Work task: Go through the material below and copy each line where the word "weight" appears.

Task input:
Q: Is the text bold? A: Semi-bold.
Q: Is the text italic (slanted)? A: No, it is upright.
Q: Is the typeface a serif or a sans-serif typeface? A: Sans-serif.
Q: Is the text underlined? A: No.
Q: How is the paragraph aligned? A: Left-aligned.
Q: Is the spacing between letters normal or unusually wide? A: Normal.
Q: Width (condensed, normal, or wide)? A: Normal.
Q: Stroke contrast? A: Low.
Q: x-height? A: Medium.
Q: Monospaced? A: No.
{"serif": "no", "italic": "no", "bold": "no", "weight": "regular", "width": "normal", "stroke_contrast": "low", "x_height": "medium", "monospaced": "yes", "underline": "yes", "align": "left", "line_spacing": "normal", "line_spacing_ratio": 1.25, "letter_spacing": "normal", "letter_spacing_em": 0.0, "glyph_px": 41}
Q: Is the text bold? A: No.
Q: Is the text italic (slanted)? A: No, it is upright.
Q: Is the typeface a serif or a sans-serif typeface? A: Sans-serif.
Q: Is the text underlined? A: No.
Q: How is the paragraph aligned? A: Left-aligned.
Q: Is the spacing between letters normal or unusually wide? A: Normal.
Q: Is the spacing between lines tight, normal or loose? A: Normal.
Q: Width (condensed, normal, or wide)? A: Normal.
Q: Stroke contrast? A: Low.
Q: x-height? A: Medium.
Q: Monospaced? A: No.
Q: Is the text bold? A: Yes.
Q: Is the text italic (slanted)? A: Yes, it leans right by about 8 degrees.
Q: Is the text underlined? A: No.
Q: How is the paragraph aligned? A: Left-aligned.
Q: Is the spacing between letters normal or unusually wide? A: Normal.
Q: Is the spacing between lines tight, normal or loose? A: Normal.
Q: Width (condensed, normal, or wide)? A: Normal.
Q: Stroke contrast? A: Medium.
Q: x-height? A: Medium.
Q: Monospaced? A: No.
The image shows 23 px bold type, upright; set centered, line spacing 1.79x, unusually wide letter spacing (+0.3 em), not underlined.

--

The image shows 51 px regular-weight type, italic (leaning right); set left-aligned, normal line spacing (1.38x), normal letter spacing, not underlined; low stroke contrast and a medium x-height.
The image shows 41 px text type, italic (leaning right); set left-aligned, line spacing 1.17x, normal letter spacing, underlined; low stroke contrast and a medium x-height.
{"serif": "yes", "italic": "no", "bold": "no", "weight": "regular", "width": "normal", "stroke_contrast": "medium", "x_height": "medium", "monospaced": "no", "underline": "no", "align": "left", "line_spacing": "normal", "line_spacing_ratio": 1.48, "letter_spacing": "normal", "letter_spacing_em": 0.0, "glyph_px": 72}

Output for this task:
{"serif": "no", "italic": "no", "bold": "no", "weight": "regular", "width": "normal", "stroke_contrast": "low", "x_height": "medium", "monospaced": "yes", "underline": "yes", "align": "left", "line_spacing": "normal", "line_spacing_ratio": 1.25, "letter_spacing": "normal", "letter_spacing_em": 0.0, "glyph_px": 41}
The image shows 51 px regular-weight type, italic (leaning right); set left-aligned, normal line spacing (1.38x), normal letter spacing, not underlined; low stroke contrast and a medium x-height.
{"serif": "yes", "italic": "no", "bold": "no", "weight": "regular", "width": "normal", "stroke_contrast": "medium", "x_height": "medium", "monospaced": "no", "underline": "no", "align": "left", "line_spacing": "normal", "line_spacing_ratio": 1.48, "letter_spacing": "normal", "letter_spacing_em": 0.0, "glyph_px": 72}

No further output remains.